We're going to look at our first dataset today. Specifically, this will be a dataset that undergirds the public display of a specific library's collections.
This will allow us to build a conceptual model of the links between what people see when they explore an archive, and the structured data that has to be put in place to allow them to find what they're looking for.
Let's look at how the Library of Congress presents its collections in human and machine-readable formats.
- Public-facing webpages
- Open up the Library of Congress collections portal
- What do we see here, structurally and descriptively?
- Click through to a specific collection
- What do we see here?
- Open up the Library of Congress collections portal
- API -- same thing in a different format! Just add
?fo=json&at=results
- What do we see in the main collections view?

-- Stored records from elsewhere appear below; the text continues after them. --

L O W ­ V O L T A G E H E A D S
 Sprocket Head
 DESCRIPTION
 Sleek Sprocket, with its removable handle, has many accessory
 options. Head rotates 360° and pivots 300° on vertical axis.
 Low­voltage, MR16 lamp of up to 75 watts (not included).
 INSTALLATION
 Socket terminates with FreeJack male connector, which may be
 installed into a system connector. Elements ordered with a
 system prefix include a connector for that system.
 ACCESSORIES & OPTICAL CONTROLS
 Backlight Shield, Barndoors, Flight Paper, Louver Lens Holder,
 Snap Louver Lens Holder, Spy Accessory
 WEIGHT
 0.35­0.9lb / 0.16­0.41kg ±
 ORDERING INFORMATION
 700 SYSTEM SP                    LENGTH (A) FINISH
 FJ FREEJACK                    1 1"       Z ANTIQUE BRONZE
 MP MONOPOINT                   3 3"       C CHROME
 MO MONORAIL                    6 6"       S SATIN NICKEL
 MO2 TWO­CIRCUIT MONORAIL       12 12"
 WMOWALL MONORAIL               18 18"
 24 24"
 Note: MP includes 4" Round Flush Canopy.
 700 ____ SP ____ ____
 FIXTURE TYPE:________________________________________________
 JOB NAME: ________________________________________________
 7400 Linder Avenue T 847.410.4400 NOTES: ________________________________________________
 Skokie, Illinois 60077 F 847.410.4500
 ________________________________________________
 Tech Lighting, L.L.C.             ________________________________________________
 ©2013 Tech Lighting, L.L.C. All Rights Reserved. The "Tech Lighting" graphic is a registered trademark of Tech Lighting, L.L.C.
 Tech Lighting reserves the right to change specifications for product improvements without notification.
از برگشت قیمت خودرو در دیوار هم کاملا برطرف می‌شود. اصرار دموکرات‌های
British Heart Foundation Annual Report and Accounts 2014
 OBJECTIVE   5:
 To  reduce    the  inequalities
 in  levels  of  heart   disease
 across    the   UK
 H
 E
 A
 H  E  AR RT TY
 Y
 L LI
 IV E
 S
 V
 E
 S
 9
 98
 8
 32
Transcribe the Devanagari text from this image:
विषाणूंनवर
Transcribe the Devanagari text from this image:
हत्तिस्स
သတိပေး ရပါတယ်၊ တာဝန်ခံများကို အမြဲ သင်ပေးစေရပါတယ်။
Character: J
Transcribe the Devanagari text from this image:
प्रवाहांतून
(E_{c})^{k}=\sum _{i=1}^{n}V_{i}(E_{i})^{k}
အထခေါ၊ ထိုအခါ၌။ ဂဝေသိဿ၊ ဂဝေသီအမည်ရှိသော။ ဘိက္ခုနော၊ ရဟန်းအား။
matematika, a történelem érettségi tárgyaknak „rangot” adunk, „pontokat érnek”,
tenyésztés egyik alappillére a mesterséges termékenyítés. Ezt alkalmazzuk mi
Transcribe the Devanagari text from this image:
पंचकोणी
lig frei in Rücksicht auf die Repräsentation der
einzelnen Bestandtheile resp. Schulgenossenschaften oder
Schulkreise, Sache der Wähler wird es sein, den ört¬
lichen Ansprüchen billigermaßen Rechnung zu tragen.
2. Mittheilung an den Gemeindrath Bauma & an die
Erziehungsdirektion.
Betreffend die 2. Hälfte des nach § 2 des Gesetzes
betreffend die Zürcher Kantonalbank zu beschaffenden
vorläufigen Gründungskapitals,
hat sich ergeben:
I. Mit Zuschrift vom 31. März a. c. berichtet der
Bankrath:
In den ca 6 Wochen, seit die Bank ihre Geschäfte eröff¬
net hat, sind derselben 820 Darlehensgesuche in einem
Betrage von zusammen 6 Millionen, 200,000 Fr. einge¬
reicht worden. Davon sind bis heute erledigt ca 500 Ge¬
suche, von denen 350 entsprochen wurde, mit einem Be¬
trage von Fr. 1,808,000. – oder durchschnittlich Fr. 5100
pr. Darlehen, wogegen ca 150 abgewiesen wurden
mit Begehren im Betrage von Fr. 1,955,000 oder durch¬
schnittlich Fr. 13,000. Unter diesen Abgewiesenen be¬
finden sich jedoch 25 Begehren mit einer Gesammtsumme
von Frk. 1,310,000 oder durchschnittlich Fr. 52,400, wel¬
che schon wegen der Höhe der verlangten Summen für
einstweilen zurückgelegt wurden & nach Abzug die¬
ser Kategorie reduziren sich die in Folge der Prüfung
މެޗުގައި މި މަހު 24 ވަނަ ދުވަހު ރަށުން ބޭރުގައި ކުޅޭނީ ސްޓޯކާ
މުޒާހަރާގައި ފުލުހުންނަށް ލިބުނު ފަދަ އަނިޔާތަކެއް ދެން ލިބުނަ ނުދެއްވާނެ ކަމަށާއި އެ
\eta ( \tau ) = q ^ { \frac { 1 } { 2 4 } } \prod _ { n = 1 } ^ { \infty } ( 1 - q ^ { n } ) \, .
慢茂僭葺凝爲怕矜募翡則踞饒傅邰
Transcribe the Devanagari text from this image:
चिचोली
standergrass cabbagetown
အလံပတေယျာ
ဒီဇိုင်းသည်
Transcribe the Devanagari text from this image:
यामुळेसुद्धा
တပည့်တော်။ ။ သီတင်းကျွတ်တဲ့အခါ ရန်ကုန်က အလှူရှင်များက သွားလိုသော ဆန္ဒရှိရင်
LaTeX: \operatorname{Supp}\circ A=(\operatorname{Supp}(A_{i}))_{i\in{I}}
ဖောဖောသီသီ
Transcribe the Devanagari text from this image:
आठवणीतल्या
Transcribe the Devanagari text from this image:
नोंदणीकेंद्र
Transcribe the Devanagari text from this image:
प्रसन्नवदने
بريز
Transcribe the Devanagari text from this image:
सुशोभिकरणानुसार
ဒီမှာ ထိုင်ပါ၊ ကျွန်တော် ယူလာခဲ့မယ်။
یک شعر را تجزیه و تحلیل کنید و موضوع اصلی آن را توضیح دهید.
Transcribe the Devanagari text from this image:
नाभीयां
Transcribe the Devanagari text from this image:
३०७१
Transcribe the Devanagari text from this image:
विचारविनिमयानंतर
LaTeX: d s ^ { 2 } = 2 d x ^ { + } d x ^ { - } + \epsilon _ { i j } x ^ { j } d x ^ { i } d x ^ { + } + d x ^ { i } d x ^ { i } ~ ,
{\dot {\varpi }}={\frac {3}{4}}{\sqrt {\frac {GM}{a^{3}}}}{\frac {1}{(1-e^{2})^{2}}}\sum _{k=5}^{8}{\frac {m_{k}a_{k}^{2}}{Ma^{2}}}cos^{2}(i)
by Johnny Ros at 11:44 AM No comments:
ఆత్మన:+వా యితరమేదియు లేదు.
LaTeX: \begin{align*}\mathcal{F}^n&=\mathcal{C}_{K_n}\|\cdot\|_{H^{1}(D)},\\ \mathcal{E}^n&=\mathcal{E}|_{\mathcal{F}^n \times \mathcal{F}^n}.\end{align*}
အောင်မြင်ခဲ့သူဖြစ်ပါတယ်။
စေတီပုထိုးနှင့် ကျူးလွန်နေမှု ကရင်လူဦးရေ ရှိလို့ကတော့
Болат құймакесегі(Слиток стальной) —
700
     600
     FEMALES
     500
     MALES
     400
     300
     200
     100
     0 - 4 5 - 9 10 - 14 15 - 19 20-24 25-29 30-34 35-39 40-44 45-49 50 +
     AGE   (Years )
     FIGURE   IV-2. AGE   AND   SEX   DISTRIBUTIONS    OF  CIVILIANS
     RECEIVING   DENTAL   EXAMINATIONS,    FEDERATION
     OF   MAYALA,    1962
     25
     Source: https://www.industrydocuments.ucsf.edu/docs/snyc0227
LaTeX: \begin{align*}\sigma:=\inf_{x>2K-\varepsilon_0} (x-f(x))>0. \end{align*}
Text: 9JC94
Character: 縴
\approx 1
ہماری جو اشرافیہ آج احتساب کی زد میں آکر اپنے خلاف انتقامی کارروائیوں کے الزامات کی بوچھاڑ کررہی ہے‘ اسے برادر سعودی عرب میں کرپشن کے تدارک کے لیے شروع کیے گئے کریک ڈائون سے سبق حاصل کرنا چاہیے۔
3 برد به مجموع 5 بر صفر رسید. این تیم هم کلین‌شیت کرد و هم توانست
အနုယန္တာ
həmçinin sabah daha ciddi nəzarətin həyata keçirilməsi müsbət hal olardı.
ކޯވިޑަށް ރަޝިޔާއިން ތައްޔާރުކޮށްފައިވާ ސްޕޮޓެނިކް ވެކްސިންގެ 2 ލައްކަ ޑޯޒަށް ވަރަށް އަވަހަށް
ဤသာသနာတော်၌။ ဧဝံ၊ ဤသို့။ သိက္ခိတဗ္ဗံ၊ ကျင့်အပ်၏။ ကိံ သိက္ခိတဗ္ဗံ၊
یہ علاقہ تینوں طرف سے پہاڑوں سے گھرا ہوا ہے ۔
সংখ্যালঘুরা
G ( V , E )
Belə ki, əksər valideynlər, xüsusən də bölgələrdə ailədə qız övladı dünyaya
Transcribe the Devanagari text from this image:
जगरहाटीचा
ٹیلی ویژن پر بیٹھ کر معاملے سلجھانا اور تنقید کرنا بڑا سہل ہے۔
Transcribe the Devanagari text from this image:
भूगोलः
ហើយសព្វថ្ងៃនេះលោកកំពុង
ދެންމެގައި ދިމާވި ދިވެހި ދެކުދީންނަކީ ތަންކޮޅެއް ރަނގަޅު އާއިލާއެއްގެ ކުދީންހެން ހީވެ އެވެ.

- What do we see in the view of the specific collection?
Log into Python Anywhere.
Open up a terminal. Click the "New console" >>> Python 3.10
button.
On the command line, do the following, one line at a time:
import requests
r=requests.get('https://www.loc.gov/collections/?fo=json&at=results')
r.status_code
import json
j=json.loads(r.text)
print(json.dumps(j,indent=2))
print(j.keys())
What do we see here?
We'll continue our exercise solo.
Create a markdown file with your username (like last round).
Pick one of the sub-collections, like "10th-16th Century Liturgical Chants"
The Python Requests module
The Python JSON module
Poke around in your collection, in
- The JSON format
- The normal webpage view
- The command-line view
What is interesting about these collections and these views? What is difficult / doesn't make sense? How might you want to make use of this data?